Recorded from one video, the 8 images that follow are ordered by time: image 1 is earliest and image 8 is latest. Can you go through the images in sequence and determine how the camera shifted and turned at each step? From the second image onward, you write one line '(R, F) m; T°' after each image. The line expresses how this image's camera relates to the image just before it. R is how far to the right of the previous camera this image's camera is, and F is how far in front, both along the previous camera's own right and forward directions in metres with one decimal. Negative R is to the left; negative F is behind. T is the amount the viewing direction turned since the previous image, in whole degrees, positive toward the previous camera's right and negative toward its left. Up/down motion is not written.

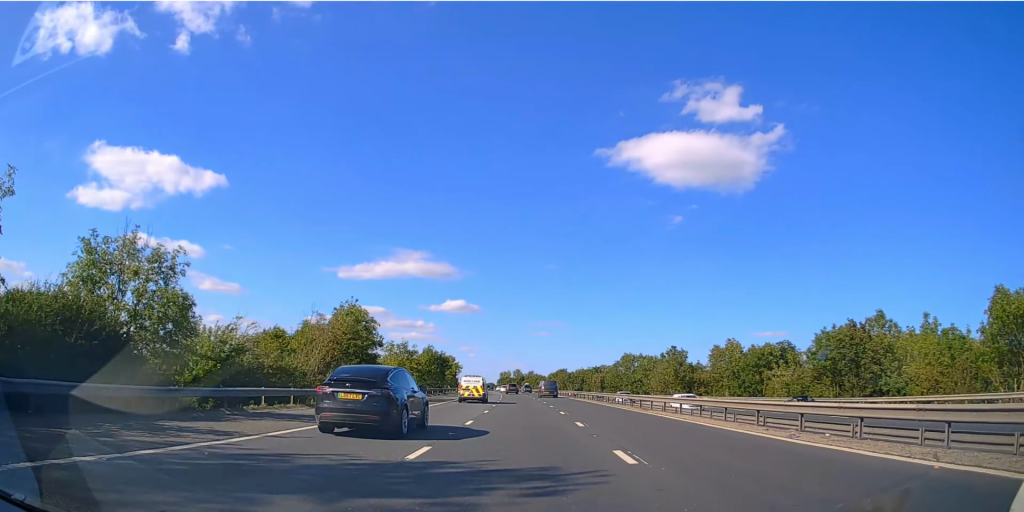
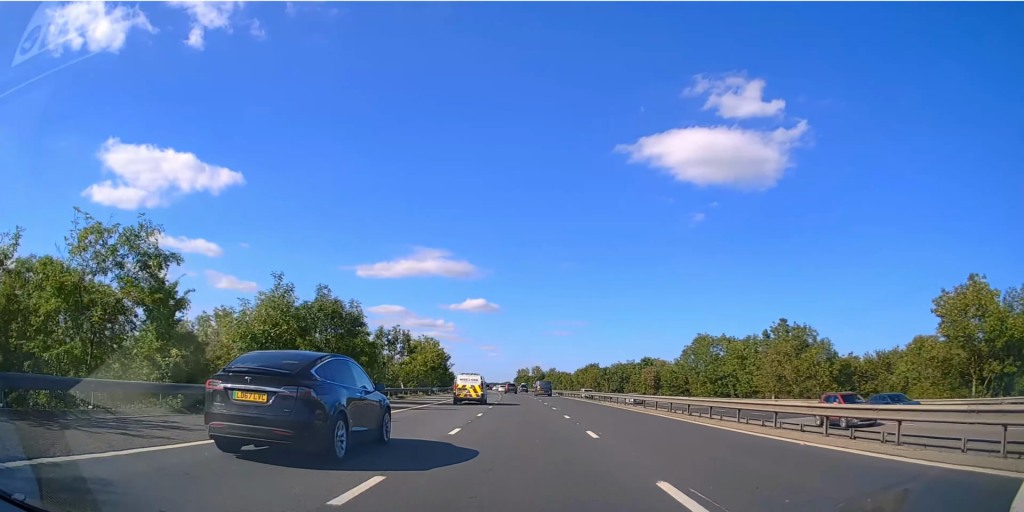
(-1.0, +49.4) m; -2°
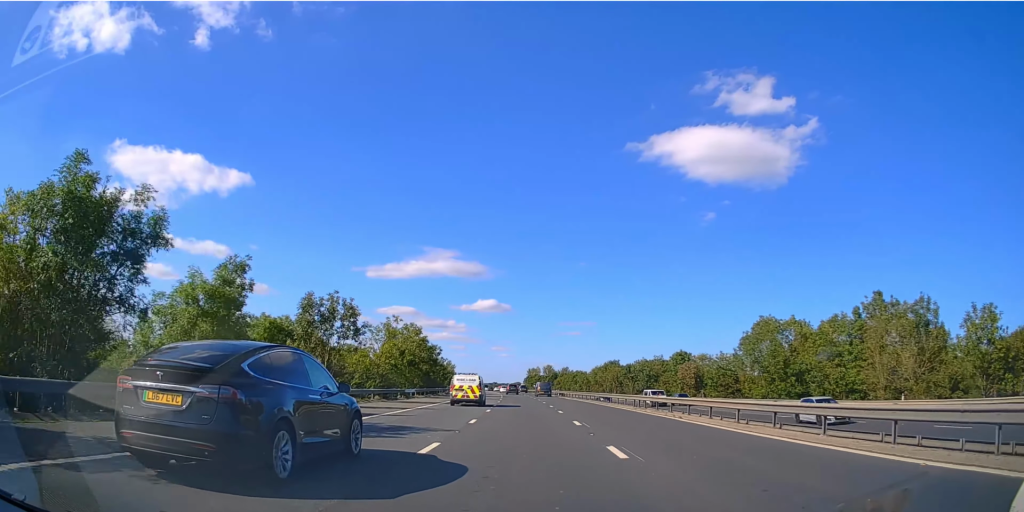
(0.0, +22.1) m; -1°
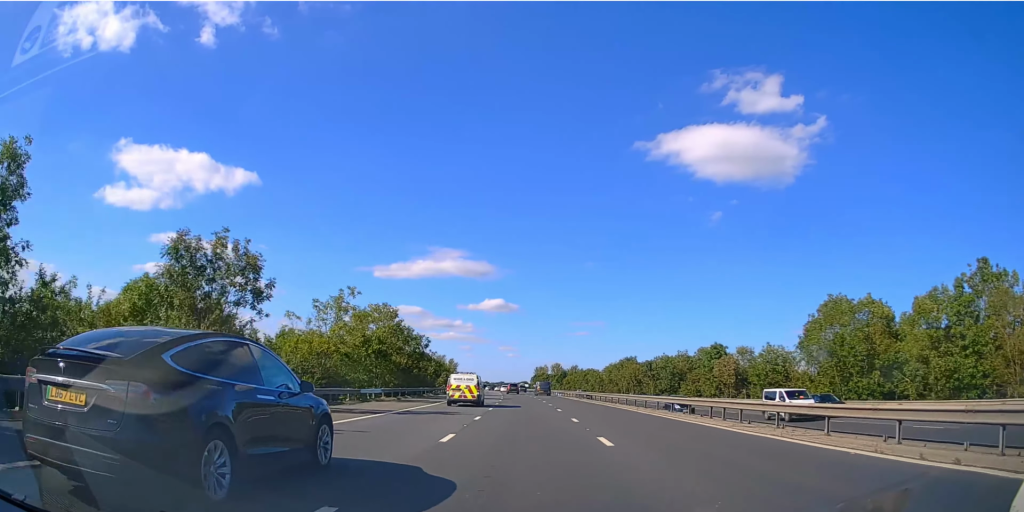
(-0.2, +16.0) m; -1°
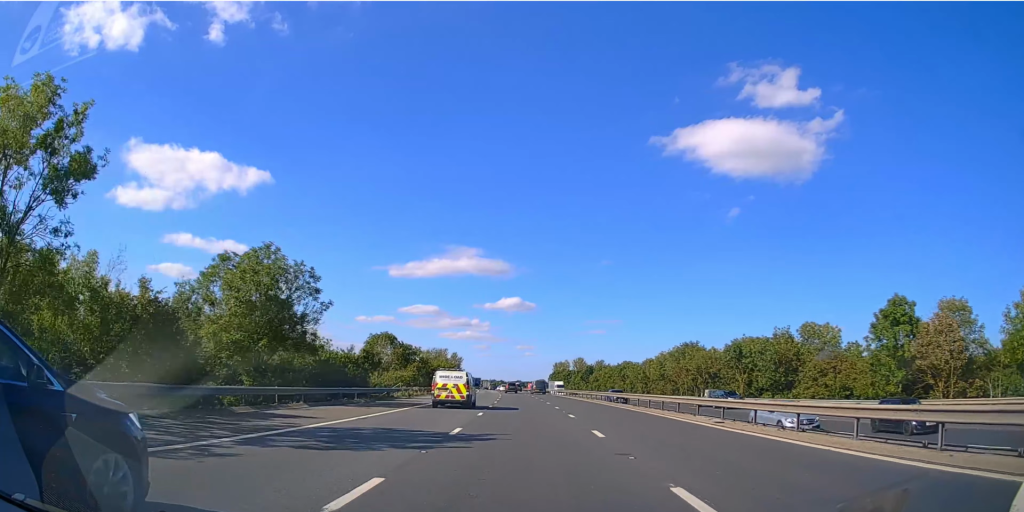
(-0.8, +42.4) m; -2°
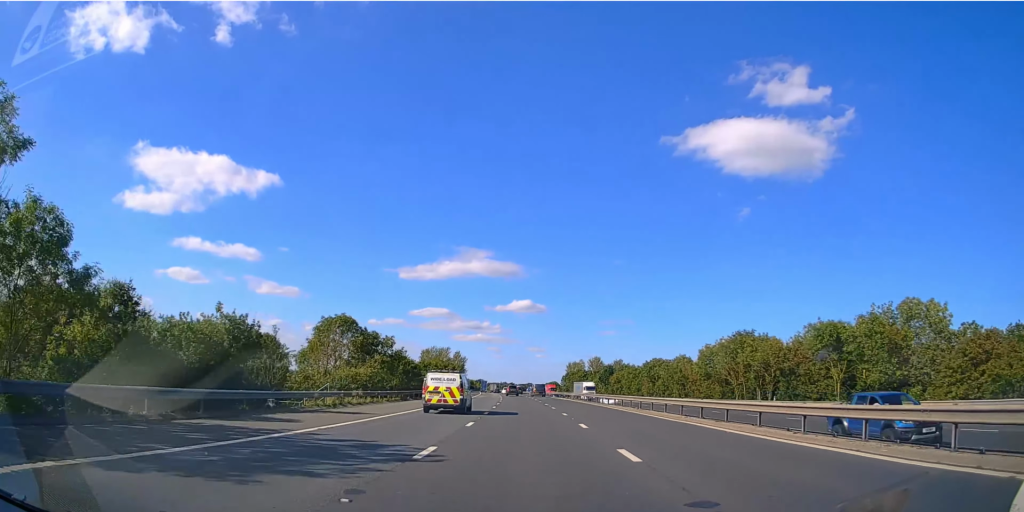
(-0.1, +22.8) m; -1°
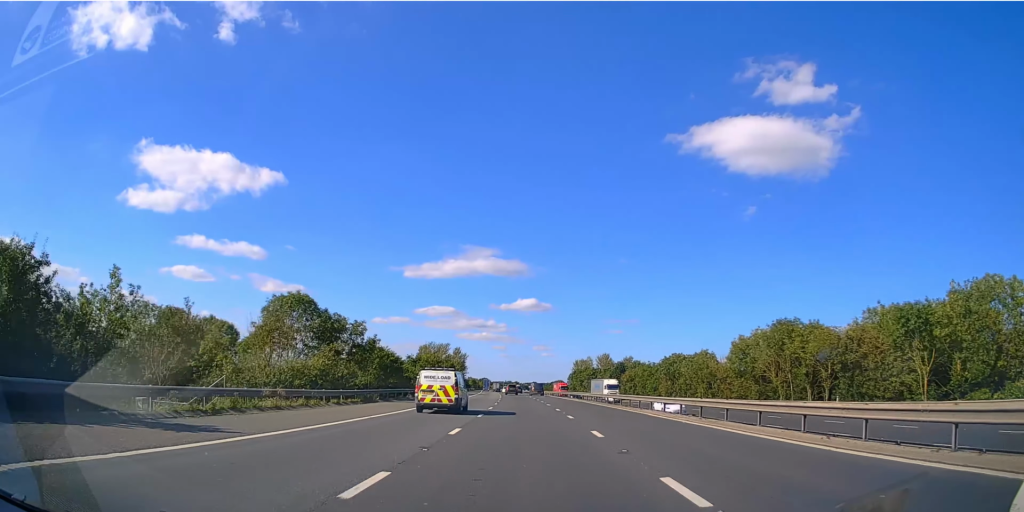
(-0.1, +12.8) m; 0°
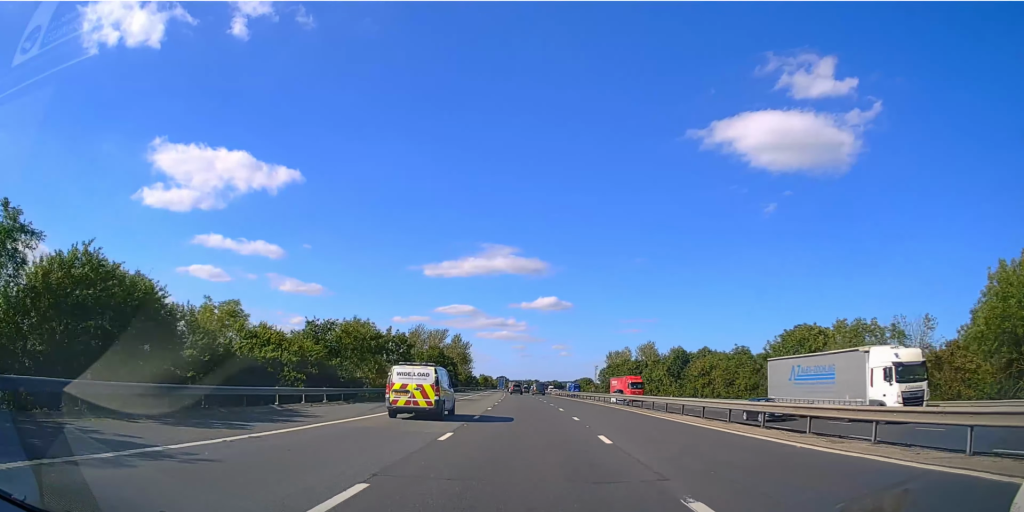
(-0.6, +44.3) m; -2°

----

Each word of the data should be repeated exactly, and the pictures left out.

* ANSWER BOX *
Recorded from one video, the 8 images that follow are ordered by time: image 1 is earliest and image 8 is latest. Can you go through the images in sequence and determine how the camera shifted and turned at each step? From the second image onward, you write one line '(R, F) m; T°' after each image. The line expresses how this image's camera relates to the image just before it. R is how far to the right of the previous camera this image's camera is, and F is how far in front, both along the previous camera's own right and forward directions in metres with one decimal. Negative R is to the left; negative F is behind. T is the amount the viewing direction turned since the previous image, in whole degrees, positive toward the previous camera's right and negative toward its left. Up/down motion is not written.

(-1.0, +49.4) m; -2°
(0.0, +22.1) m; -1°
(-0.2, +16.0) m; -1°
(-0.8, +42.4) m; -2°
(-0.1, +22.8) m; -1°
(-0.1, +12.8) m; 0°
(-0.6, +44.3) m; -2°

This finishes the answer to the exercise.